26/04/2024 arretsurinfo.ch  11 min #247522

Usa : Mobilisation des étudiants de la célèbre université de Columbia à New York !

Révolte à l'université

Par  Chris Hedges

Où sont passées toutes les fleurs - par M. Fish

Achinthya Sivalingam, étudiante diplômée en affaires publiques à l'université de Princeton, ne savait pas en se réveillant ce matin que peu après 7 heures, elle rejoindrait des centaines d'étudiants à travers le pays qui ont été arrêtés, expulsés et interdits de campus pour avoir protesté contre le génocide à Gaza.

Elle porte un sweat-shirt bleu, et lutte parfois contre les larmes, lorsque nous parlons. Nous sommes assis à une petite table du café Small World, sur Witherspoon Street, à un demi-pâté de maisons de l'université où elle ne peut plus entrer, de l'appartement qu'elle ne peut plus habiter et du campus où, dans quelques semaines, elle devait obtenir son diplôme.

Elle se demande où elle va passer la nuit.

La police lui a donné cinq minutes pour récupérer des objets dans son appartement.

Les étudiants protestataires du pays font preuve d'un courage moral et physique - beaucoup d'entre eux risquent la suspension et l'expulsion - qui fait honte à toutes les grandes institutions du pays. Ils sont dangereux non pas parce qu'ils perturbent la vie du campus ou qu'ils s'en prennent aux étudiants juifs - beaucoup de ceux qui manifestent sont Juifs - mais parce qu'ils exposent l'échec lamentable des élites dirigeantes et de leurs institutions à mettre un terme au génocide, le crime entre les crimes. Ces étudiants regardent, comme la plupart d'entre nous, Israël massacrer en direct le peuple palestinien. Mais contrairement à la plupart d'entre nous, ils agissent. Leurs voix et leurs protestations constituent une puissante réaction à la faillite morale qui les entoure.

Aucun président d'université n'a dénoncé la destruction par Israël d' aucune des universités de Gaza. Aucun président d'université n'a appelé à un cessez-le-feu immédiat et inconditionnel. Aucun président d'université n'a utilisé les mots "apartheid" ou "génocide". Aucun président d'université n'a appelé aux sanctions et au désinvestissement d'Israël.

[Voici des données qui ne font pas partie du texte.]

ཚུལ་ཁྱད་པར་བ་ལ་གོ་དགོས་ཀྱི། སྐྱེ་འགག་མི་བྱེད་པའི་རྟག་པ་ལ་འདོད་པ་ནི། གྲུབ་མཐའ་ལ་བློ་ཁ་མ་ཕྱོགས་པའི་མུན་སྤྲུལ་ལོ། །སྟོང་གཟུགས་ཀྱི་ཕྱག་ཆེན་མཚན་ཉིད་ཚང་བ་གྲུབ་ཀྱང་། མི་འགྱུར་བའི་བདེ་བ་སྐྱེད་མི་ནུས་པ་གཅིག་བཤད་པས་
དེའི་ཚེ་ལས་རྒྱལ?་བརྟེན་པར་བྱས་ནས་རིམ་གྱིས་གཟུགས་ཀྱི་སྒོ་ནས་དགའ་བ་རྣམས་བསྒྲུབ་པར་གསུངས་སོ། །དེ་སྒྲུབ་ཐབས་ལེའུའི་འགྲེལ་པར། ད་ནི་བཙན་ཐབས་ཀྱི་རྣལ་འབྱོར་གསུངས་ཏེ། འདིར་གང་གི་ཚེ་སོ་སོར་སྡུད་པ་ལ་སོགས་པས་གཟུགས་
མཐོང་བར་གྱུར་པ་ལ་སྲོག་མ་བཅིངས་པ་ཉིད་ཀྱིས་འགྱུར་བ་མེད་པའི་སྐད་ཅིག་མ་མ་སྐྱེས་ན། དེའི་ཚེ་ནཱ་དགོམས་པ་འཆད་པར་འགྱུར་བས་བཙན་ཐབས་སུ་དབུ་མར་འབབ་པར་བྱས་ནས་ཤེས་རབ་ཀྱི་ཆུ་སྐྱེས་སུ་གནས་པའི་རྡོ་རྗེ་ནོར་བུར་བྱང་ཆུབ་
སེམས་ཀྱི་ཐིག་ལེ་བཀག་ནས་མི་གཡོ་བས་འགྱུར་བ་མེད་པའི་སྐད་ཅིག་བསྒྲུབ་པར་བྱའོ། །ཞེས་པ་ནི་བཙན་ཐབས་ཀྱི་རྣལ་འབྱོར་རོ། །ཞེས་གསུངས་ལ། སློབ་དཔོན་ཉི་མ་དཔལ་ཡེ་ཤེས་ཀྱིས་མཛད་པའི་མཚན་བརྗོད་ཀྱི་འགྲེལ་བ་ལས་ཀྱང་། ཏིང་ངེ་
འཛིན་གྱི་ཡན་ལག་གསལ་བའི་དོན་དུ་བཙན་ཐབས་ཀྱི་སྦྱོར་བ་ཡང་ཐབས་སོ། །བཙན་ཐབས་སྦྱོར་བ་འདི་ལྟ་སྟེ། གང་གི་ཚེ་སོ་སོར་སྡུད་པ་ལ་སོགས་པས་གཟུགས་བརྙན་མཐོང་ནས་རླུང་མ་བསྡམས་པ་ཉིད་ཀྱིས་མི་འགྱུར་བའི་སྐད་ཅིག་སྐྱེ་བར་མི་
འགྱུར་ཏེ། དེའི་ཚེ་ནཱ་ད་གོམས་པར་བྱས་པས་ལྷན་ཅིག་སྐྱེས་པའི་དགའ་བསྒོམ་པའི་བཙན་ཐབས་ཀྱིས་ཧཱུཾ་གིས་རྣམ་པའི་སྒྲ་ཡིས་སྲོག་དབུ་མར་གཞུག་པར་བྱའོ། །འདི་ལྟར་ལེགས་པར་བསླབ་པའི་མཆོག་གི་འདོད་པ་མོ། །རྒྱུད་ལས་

Au lieu de cela, les dirigeants de ces institutions universitaires se prosternent devant les riches donateurs, les entreprises - y compris les fabricants d'armes - et les politiciens les plus radicaux. Ils replacent le débat sous l'angle des préjudices causés aux Juifs plutôt que sous celui du massacre quotidien des Palestiniens,  dont des milliers d' enfants. Ils permettent aux agresseurs - l'État sioniste et ses adeptes - de se faire passer pour des victimes. Ce faux récit, qui se base sur l'antisémitisme, permet aux instances de pouvoir, y compris les médias, d'occulter le véritable problème, à savoir le génocide. Le débat s'en trouve faussé. C'est un cas classique d'"abus réactif". Il suffit d'élever la voix pour dénoncer l'injustice, de réagir à un abus prolongé, de tenter de résister, et l'agresseur se transforme soudain en victime.

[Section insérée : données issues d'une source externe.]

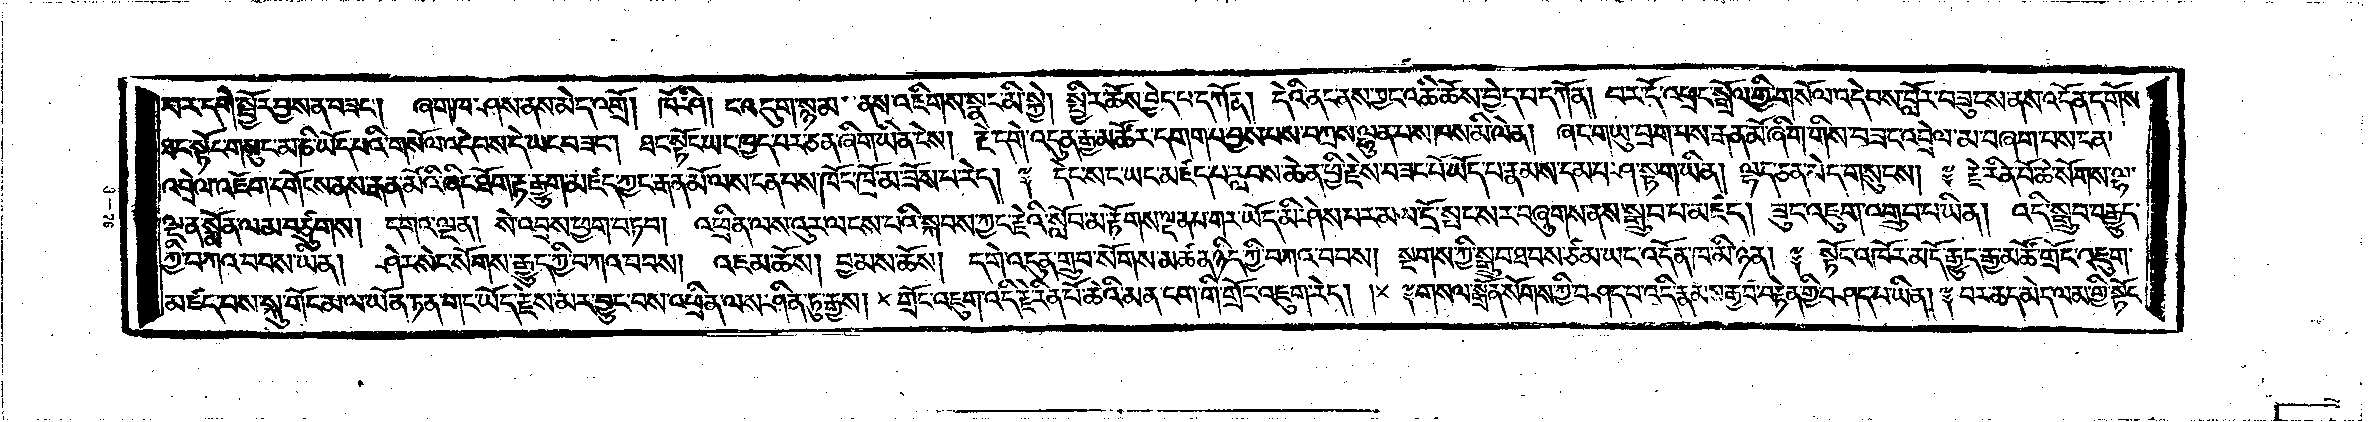པར་དགེ་སྦྱོར་བྱས་ན་བཟང་། ཞག་ཁ་ཤས་ནས་མེད་འགྲོ། ཁོ་ཤི། ང་འདུག་སྙམ་ནས་འཇིགས་སྣང་མི་སྐྱེ། སྤྱིར་ཆོས་བྱེད་པ་དཀོན། དེའི་ནང་ནས་ཀྱང་འཆི་ཆོས་བྱེད་པ་དཀོན། བར་དོ་འཕྲིང་སྒྲོལ་གྱི་གསོལ་འདེབས་བློར་བཟུངས་ནས་འདོན་དགོས་
ཐང་སྟོང་གསུང་མ་ཎི་ཡོད་པའི་གསོལ་འདེབས་དེ་ཡང་བཟང་། ཐང་སྟོངས་ཡང་ཁྱད་པར་ཅན་ཞིག་ཡིན་ངེས། རྔེ་དགེ་འདུན་རྒྱ་མཚོར་དགག་པ་བྱས་པས་བཀྲས་ལྷུན་པས་ཁས་མི་ལེན། ཞང་གཡུ་བྲག་པས་རྒན་མོ་ཞིག་གིས་བཟང་འབྲེལ་མ་བཞག་པས་ངན་
འབྲེལ་འཇོག་དགོངས་ནས་རྒན་མོའི་ཞིང་ཐོག་རྟ་རྒྱུག་མཛད་ཀྱང་རྒན་མོ་ལས་ངན་པས་ཁོང་ཁྲོ་མ་ཟོས་པ་རེད། ༈ དེང་སང་ཡང་མཛད་པ་རླབས་ཆེན་ཕྱི་རྗེས་བཟང་པོ་ཡོད་པ་རྣམས་དམ་པ་ཤ་སྟག་ཡིན། ལྷད་ཅན་མེད་གསུངས། ༈ རྗེ་རིན་པོ་ཆེ་སོགས་ལྷ་
ལྡན་སྨོན་ལམ་བཙུགས། དགའ་ལྡན། སེ་འབྲས་ཕྱག་བཏབ། འཕྲིན་ལས་འུར་ལངས་པའི་སྐབས་ཀྱང་རྗེའི་སློབ་མ་རྟོགས་ལྡན་པ་གྲ་ཡོད་མི་ཤེས་པར་མལ་དྲོ་སྤང་སར་བཞུགས་ནས་སྒྲུབ་པ་མཛད། ཟུང་འཇུག་འགྲུབ་པ་ཡིན། འདི་སྒྲུབ་བརྒྱུད་
ཀྱི་བཀའ་བབས་ཡིན། ཤེར་སེང་སོགས་རྒྱུད་ཀྱི་བཀའ་བབས། འཇམ་ཆོས། བྱམས་ཆོས། དགེ་འདུན་གྲུབ་སོགས་མཚན་ཉིད་ཀྱི་བཀའ་བབས། སྔགས་ཀྱི་སྒྲུབ་ཐབས་ཙམ་ཡང་འདོན་ཁ་མི་ཉན། ༈ སྟོང་འཁོར་མདོ་རྒྱུད་རྒྱ་མཚོ་གྲོང་འཇུག་
མཛད་པས་སྐུ་གོང་མ་ལ་ཡོན་ཏན་གང་ཡོད་རྗེས་མར་བྱུང་བས་འཕྲིན་ལས་ཤིན་ཏུ་རྒྱས། ྾་གྲོང་འཇུག་འདི་རྗེ་རིན་པོ་ཆེའི་མན་ངག་གི་གྲོང་འཇུག་རེད། །྾་༈ གསལ་སྒྲོན་སོགས་ཀྱི་བཤད་པ་འདི་རྣམས་རྒྱབ་བརྟེན་གྱི་བཤད་པ་ཡིན། ༈ བར་ཆད་མེད་ལམ་གྱི་སྟོང་

L'université de Princeton, comme d'autres universités à travers le pays, est déterminée à mettre un terme aux rassemblements appelant à la fin du  génocide. Il semble qu'il s'agisse d'un effort coordonné des universités du pays.

L'université était informée à l'avance du projet de rassemblement. Lorsque les étudiants ont rejoint les cinq sites ce matin, ils ont été accueillis par un grand nombre d'agents du département de la Sécurité publique de l'université et de la police de Princeton. Le site du campement devant la bibliothèque Firestone était envahi par la police. Et ce, bien que les étudiants n'aient pas utilisé les courriels de l'université et se soient limités à ce qu'ils pensaient être des applications sécurisées. Parmi les policiers ce matin se trouvait  le rabbin Eitan Webb, qui a fondé et dirige la maison Chabad de Princeton. Il a participé à des événements universitaires pour attaquer verbalement ceux qui appellent à la fin du génocide en les qualifiant d'antisémites, selon des étudiants mobilisés.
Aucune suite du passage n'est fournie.